Когда Елизавета наконец попала в Элтем, то не удивилась тому, что Маргарет проявляет признаки ревности к новой сестре – Маргарет, которая никогда не имела ничего против Бет. Мария была почти так же красива, как Бет, и, естественно, стала центром внимания.
– Нос моей маленькой леди слегка свернут на сторону, – тихо проговорила леди Дарси, когда они с Елизаветой сидели и наблюдали, как дети возятся с игрушечным замком Гарри, – но это у нее пройдет, мадам.
А вот Гарри, напротив, очень полюбил новую сестренку. То и дело он подбегал к ее колыбели, чтобы посюсюкать с нею, проверить, все ли в порядке, и радовался безмерно, получая от взрослых одобрительные улыбки за свои старания. Какая отрада была видеть, что он так любит Марию. Елизавета вновь вспомнила дочку, которую больше никогда не прижмет к себе, помянула в мыслях и Артура, находившегося далеко от своего брата и сестер и лишенного счастливого товарищества, царившего между ними в детской. Давно уже она не видела своего старшего сына.

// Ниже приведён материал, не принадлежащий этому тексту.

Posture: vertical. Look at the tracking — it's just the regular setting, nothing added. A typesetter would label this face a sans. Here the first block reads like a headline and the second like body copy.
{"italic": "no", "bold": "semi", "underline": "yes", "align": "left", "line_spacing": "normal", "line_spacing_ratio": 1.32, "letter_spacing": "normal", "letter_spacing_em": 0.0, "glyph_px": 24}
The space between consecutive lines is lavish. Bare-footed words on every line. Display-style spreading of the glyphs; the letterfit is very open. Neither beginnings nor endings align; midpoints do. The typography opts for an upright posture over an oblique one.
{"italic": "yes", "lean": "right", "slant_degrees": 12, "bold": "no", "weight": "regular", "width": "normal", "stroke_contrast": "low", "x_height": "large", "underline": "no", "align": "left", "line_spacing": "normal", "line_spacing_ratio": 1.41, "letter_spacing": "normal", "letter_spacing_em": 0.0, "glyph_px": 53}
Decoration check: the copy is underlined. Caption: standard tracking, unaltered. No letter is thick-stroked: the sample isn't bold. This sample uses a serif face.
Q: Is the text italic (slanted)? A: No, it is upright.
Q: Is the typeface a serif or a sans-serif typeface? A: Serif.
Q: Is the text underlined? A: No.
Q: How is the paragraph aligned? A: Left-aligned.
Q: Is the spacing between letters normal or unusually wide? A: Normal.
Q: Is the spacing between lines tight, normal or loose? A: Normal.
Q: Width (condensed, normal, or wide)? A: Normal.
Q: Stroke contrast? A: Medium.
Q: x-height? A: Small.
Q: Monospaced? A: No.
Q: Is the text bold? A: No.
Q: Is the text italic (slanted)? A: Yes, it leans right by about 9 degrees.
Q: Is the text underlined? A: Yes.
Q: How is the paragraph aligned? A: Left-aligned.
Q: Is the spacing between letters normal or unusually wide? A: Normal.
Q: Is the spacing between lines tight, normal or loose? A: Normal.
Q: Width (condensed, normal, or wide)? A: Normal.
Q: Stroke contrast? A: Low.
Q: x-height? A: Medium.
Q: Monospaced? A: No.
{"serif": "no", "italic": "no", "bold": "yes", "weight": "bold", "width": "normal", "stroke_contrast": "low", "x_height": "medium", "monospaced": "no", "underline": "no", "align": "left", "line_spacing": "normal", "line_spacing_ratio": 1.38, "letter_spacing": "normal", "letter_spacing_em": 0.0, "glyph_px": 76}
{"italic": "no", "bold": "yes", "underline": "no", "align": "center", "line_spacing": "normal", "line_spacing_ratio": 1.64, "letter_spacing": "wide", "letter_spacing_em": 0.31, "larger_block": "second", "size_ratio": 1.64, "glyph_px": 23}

Очередного летнего объезда страны Елизавета побаивалась, ведь, как и в прошлом году, он потребует от нее немалого напряжения сил. Однако она приняла бравый вид и умилялась, видя, как люди сбегаются поглазеть на нее, некоторые приносили ей в подарок корзины с вишнями, грушами, яблоками, цветами и даже курами. Одно и то же повторялось всюду, где бы она ни появилась, и Елизавета удивлялась: чем заслужила такое доброе отношение к себе? Неужели ее благие дела, заступничество за попавших под суд и помощь другим людям стали так широко известны? Или подданным Генриха настолько полюбились ее набожность и плодовитость? А может, дело в том, что она – дочь своего отца и принадлежит к старому королевскому дому? Какие бы мотивы ни двигали людьми, Елизавете было неловко видеть эти проявления столь сильной любви к ней.
Очень медленно они продвигались на запад через Чертси, Гилдфорд, Фарнхэм, Порчестер и Саутгемптон. Остановились в аббатстве Больё и пересекли Солент, посетив остров Уайт, затем поехали дальше в Крайстчёрч, Пул и замок Корф. В августе по просьбе Елизаветы остановились в Хейтсбери и погостили у хозяйки поместья, леди Хангерфорд. Бывший тюремщик Елизаветы капитан Несфилд умер восемь лет назад, но дом был полон воспоминаний о матери, сестрах и тревожном времени, которое они провели здесь. Над всем этим тенью висела память о ее планах выйти замуж за Ричарда, о чем не стоило упоминать при Генрихе. Да, жизнь ее развернулась совсем в другом направлении, однако, оглядываясь назад, Елизавета все равно не видела для себя иного пути в то время. Она не могла удержаться от сравнения тех мрачных дней со своей теперешней устроенной жизнью.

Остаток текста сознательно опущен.